Und vielleicht ist das die eigentliche deutsche Antwort auf die Energiefrage des 21. Jahrhunderts: nicht die Erzeugung von Strom, sondern die konsequente Vermeidung unnötiger Aktivität. Eine Nation, die ihren Fortschritt nicht mehr daran misst, was sie gemacht hat, sondern daran, wie professionell sie begründen kann, warum etwas noch nicht gemacht wurde.

In diesem Sinne ist der aufgeschobene To-do-Listenpunkt nicht länger ein Makel. Er ist ein Denkmal. Ein kleines, blinkendes Monument deutscher Resilienz. Die unerledigte Aufgabe als patriotischer Beitrag zur Netzstabilität.

Wer heute seine Steuer nicht fertig macht, arbeitet also unter Umständen bereits an der Energiewende. Wer die Website seit acht Monaten relaunchen will, ist vielleicht gar nicht unstrukturiert, sondern ein Pionier postfossiler Geschäftsmodelle. Und wer seit 2022 „nächste Woche wirklich loslegt“, betreibt im Grunde ein persönliches Pumpspeicherkraftwerk der Exekutivfunktion.
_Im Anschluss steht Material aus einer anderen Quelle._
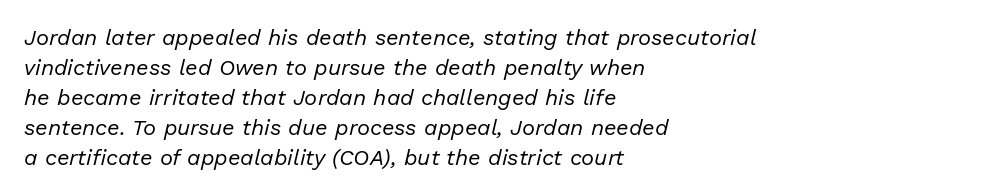
{"italic": "yes", "lean": "right", "slant_degrees": 13, "bold": "no", "underline": "no", "align": "left", "line_spacing": "normal", "line_spacing_ratio": 1.36, "letter_spacing": "normal", "letter_spacing_em": 0.0, "glyph_px": 22}
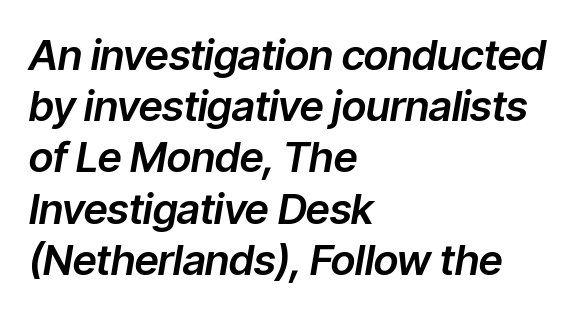
Q: Is the text italic (slanted)? A: Yes, it leans right by about 9 degrees.
Q: Is the text underlined? A: No.
Q: How is the paragraph aligned? A: Left-aligned.
Q: Is the spacing between letters normal or unusually wide? A: Normal.
Q: Width (condensed, normal, or wide)? A: Normal.
Q: Stroke contrast? A: Low.
Q: x-height? A: Medium.
Q: Monospaced? A: No.
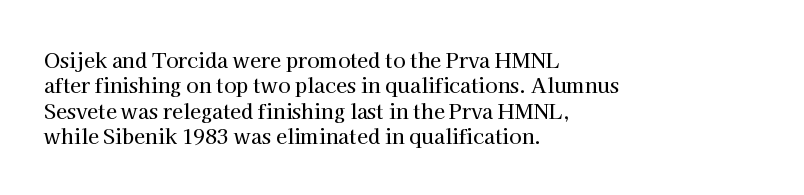
Q: Is the text italic (slanted)? A: No, it is upright.
Q: Is the text underlined? A: No.
Q: How is the paragraph aligned? A: Left-aligned.
Q: Is the spacing between letters normal or unusually wide? A: Normal.
Q: Is the spacing between lines tight, normal or loose? A: Normal.
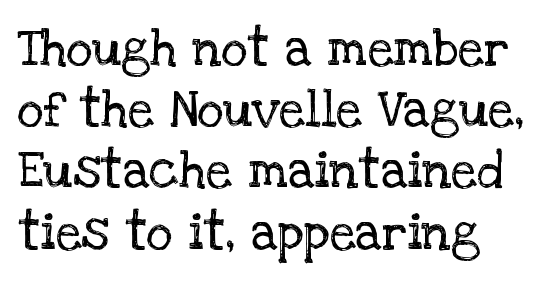
{"serif": "yes", "italic": "no", "bold": "no", "weight": "regular", "width": "normal", "stroke_contrast": "low", "x_height": "large", "monospaced": "no", "underline": "no", "align": "left", "line_spacing_ratio": 1.2, "letter_spacing": "normal", "letter_spacing_em": 0.0, "glyph_px": 51}
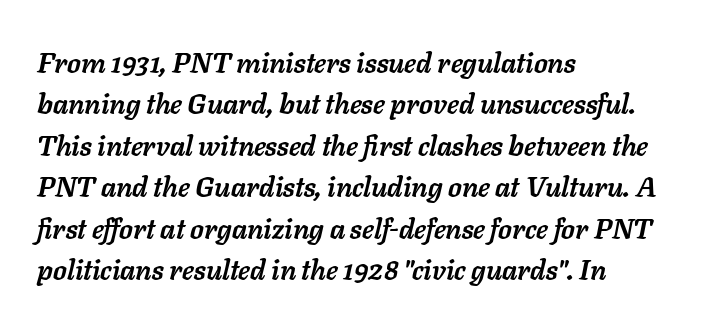
The image shows 28 px semibold type, italic (leaning right); set left-aligned, normal line spacing (1.48x), normal letter spacing, not underlined; low stroke contrast and a medium x-height.
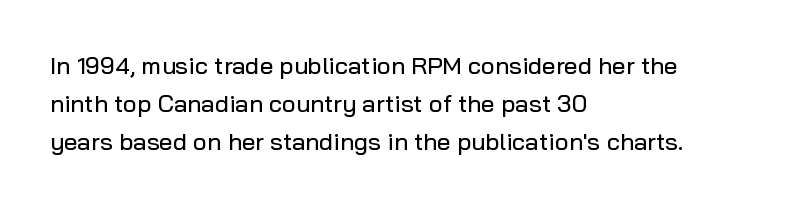
Q: Is the text italic (slanted)? A: No, it is upright.
Q: Is the text underlined? A: No.
Q: How is the paragraph aligned? A: Left-aligned.
Q: Is the spacing between letters normal or unusually wide? A: Normal.
Q: Is the spacing between lines tight, normal or loose? A: Normal.
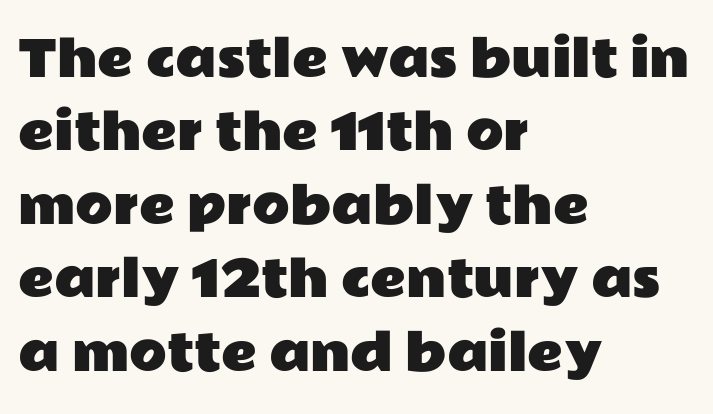
{"serif": "no", "italic": "no", "width": "wide", "stroke_contrast": "low", "x_height": "medium", "monospaced": "no", "underline": "no", "align": "left", "line_spacing": "normal", "line_spacing_ratio": 1.5, "letter_spacing": "normal", "letter_spacing_em": 0.0, "glyph_px": 49}
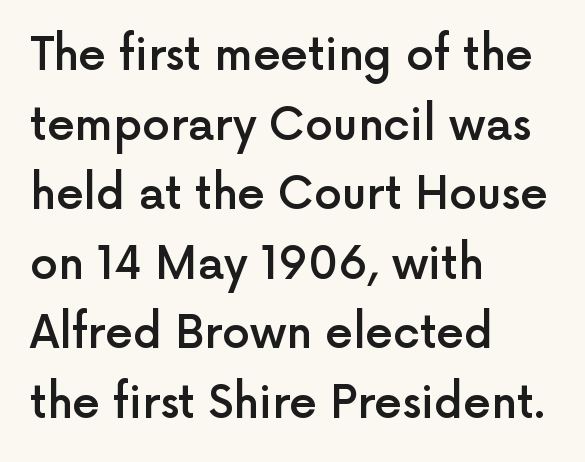
This rendering uses left alignment, leaving the right contour irregular. I'd call this a sans setting — the letters go barefoot. Characters follow at the spacing the type designer built in. These lines sit exactly where default settings would place them. The lettering stays uniformly vertical, giving the passage a roman look. A clean baseline with only descenders dipping below it.
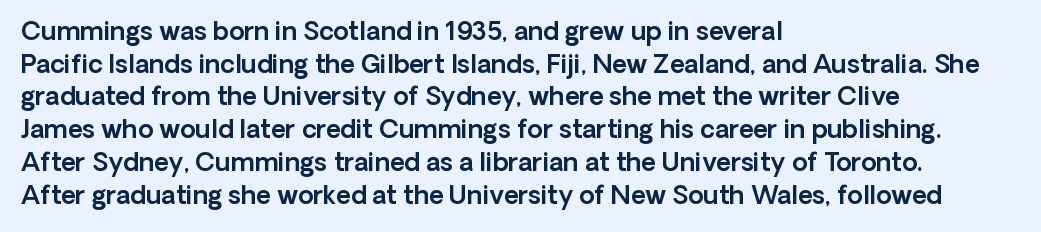
Q: Is the text italic (slanted)? A: No, it is upright.
Q: Is the text underlined? A: No.
Q: How is the paragraph aligned? A: Left-aligned.
Q: Is the spacing between letters normal or unusually wide? A: Normal.
Q: Is the spacing between lines tight, normal or loose? A: Normal.
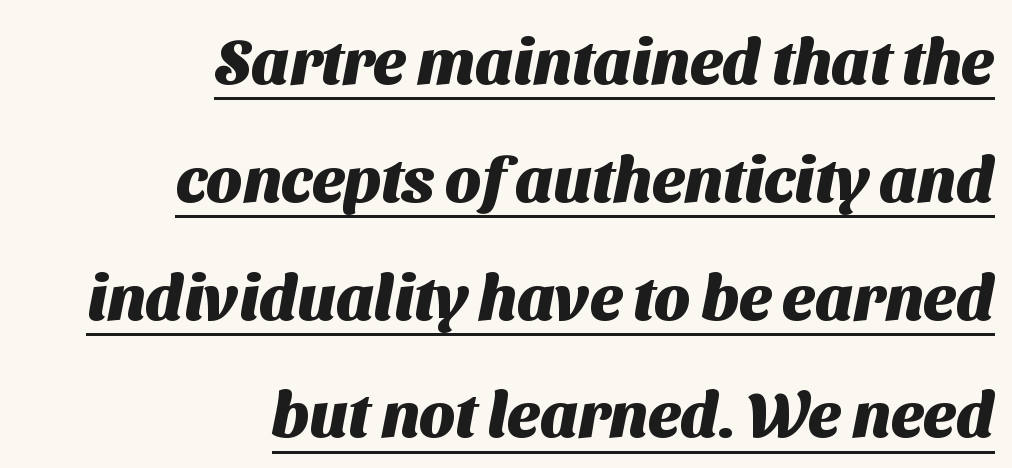
The image shows 64 px heavy sans-serif type; set right-aligned, line spacing 1.84x, normal letter spacing, underlined; medium stroke contrast and a medium x-height.
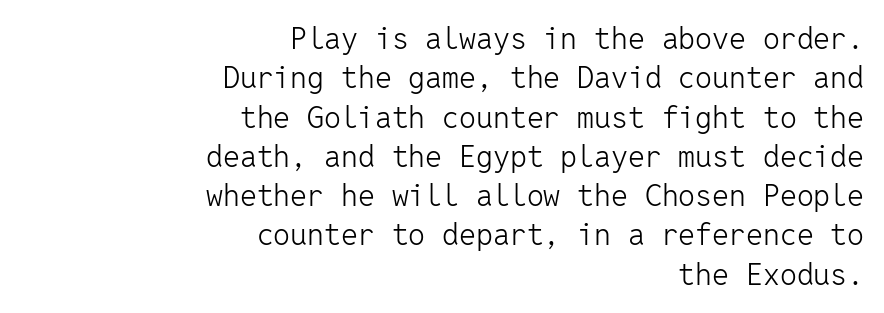
The image shows 30 px light sans-serif type, upright, monospaced; set right-aligned, normal line spacing (1.31x), normal letter spacing, not underlined; low stroke contrast and a medium x-height.

Man muss es nur endlich richtig framen.

Vorschlag für die Wirtschaftspolitik 2026: Keine Solarpflicht mehr auf Dächern. Stattdessen: verbindliche Ruhefristen vor jeder Entscheidung, steuerliche Abschreibung für liegengebliebene Projekte, und ein bundesweites Förderprogramm für strategisches Nichtbeginnen.